Endotracheal Tube Electrode Malposition

1. Mechanism and clinical relevance

ETT malposition is commonly reported as a leading cause of technical IONM failure [3,6]. Standard IONM relies on surface electrodes embedded on the ETT, which require stable, symmetric contact with both vocal folds. Displacement of the tube moves the electrodes away from the glottic plane, reducing or abolishing the recorded EMG amplitude independently of nerve function, a situation that mimics true LOS.
The most frequently described mechanism is cephalad tube migration during the transition from the neutral intubation position to the neck-extended thyroid surgical position. Tsai et al. [7] measured ETT displacement ranging from 16 mm cephalad to 4 mm caudad after neck extension, with a predominant upward shift. The magnitude depends on individual factors including neck length, cervical spine flexibility, and the degree of extension. Initial tube placement depth, tube size relative to the airway, and fixation technique also influence the likelihood of displacement.
Progressive migration during surgery adds further risk. Loosening of fixation tape, the weight of the anesthesia circuit pulling on the tube, and surgical traction on the trachea can shift the tube incrementally, producing gradual signal degradation that becomes apparent during the later stages of the procedure, particularly during R2 and V2 measurements. Rotational malposition along the tube's longitudinal axis disrupts symmetric electrode-vocal fold contact without necessarily being visible externally.

2. Proposed solutions

Performing tracheal intubation after the patient has been placed in the final neck-extended position eliminates displacement caused by subsequent position changes. Direct laryngoscopy in the extended position typically provides a limited glottic view, but Won et al. [8] demonstrated that video laryngoscopy improved glottic visualization in the thyroid surgical position, supporting its use for this purpose.
After positioning, electrode impedance should be checked (target below 5 kΩ) to confirm adequate electrode-tissue contact [3]. Tube depth should be marked at the incisors, and fixation should be reinforced. If signal quality deteriorates intraoperatively, tube position should be reassessed before any conclusions about nerve function are drawn.

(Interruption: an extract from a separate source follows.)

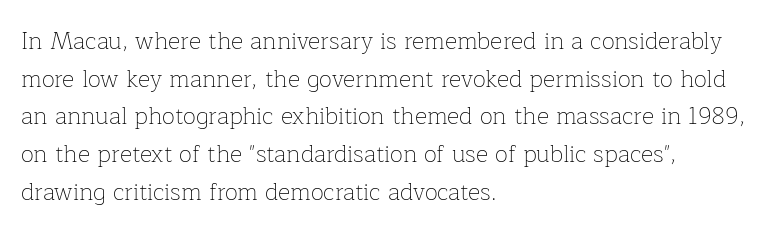
The setting favours the left margin, as ordinary paragraphs usually do. The face looks like a standard text weight, possibly lighter. Each row of text sits above clean, open space. Posture: straight, roman, zero tilt.

Neuromuscular Blockade Management

1. Impact of neuromuscular blockade on intraoperative neuromonitoring

Nondepolarizing NMB agents such as rocuronium inhibit vocalis muscle depolarization by competitive antagonism at the neuromuscular junction [9]. During complete NMB, recordable EMG responses are absent. Even partial residual blockade reduces EMG amplitudes below diagnostic thresholds, creating unreliable readings that may be misinterpreted as neural LOS. Empis de Vendin et al. [10] reported that 12.5% of patients undergoing monitored thyroidectomy required sugammadex reversal to obtain an adequate V1 signal, though routine reversal was not mandatory in the majority who achieved sufficient spontaneous recovery before nerve stimulation.

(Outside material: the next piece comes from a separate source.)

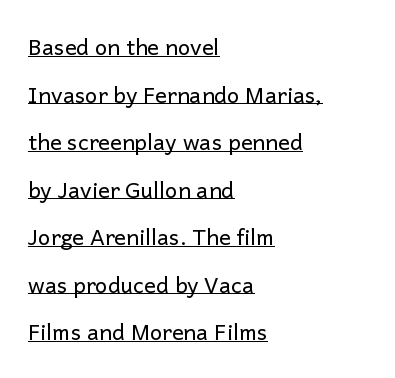
{"italic": "no", "bold": "no", "underline": "yes", "align": "left", "line_spacing": "loose", "line_spacing_ratio": 2.16, "letter_spacing": "normal", "letter_spacing_em": 0.0, "glyph_px": 22}

2. Rocuronium dose and reversal strategy

The degree and duration of laryngeal muscle blockade correlate with the rocuronium dose administered at induction. Lu et al. [11] compared 0.3 mg/kg with 0.6 mg/kg in a randomized trial and found that the lower dose permitted earlier EMG signal recovery, at the cost of slower onset and a lower rate of immediately satisfactory intubating conditions. The clinical trade-off is between ensuring reliable airway management and minimizing residual NMB at the time of first nerve stimulation; the appropriate choice depends on patient-specific airway factors and the anticipated interval from induction to V1.
When residual NMB prevents adequate signal acquisition, pharmacological reversal may be considered in coordination with the anesthesiology team. The available agents differ in mechanism and profile. Neostigmine, an acetylcholinesterase inhibitor, is inexpensive and widely available. Oh et al. [12] showed in a randomized trial that neostigmine administered immediately after intubation shortened the interval to successful V1 stimulation compared with no reversal, without increasing bucking events. Its limitations include a ceiling effect at deep blockade levels, variable reversal kinetics, and the need for anticholinergic co-administration.
Sugammadex encapsulates rocuronium directly, providing faster and more predictable reversal [13]. Lu et al. [14] confirmed that sugammadex at 2 mg/kg adequately restored EMG signals for IONM in a porcine model. In clinical practice, however, the 2 mg/kg dose, commonly used for moderate NMB reversal in the general anesthetic context, has been associated with intraoperative bucking when applied for early IONM-directed reversal. Chai et al. [15] compared 1 mg/kg with 2 mg/kg in a randomized trial and found that bucking occurred less frequently with the lower dose (13.7% versus 35.3%, p=0.020), while monitoring quality did not differ between groups. These single-center findings suggest that a lower sugammadex dose warrants consideration when the objective is partial reversal sufficient for IONM rather than complete reversal for extubation, though confirmation in broader settings is needed.
The waiting interval before rocuronium re-administration after sugammadex depends on the sugammadex dose, the intended re-dose, and renal function, and should follow current labeling guidance rather than a fixed universal time period [13]. The choice between neostigmine and sugammadex, as well as dose and timing, should be individualized according to neuromuscular monitoring status, the expected interval from induction to V1, institutional practice, anesthetic judgment, and patient-specific factors.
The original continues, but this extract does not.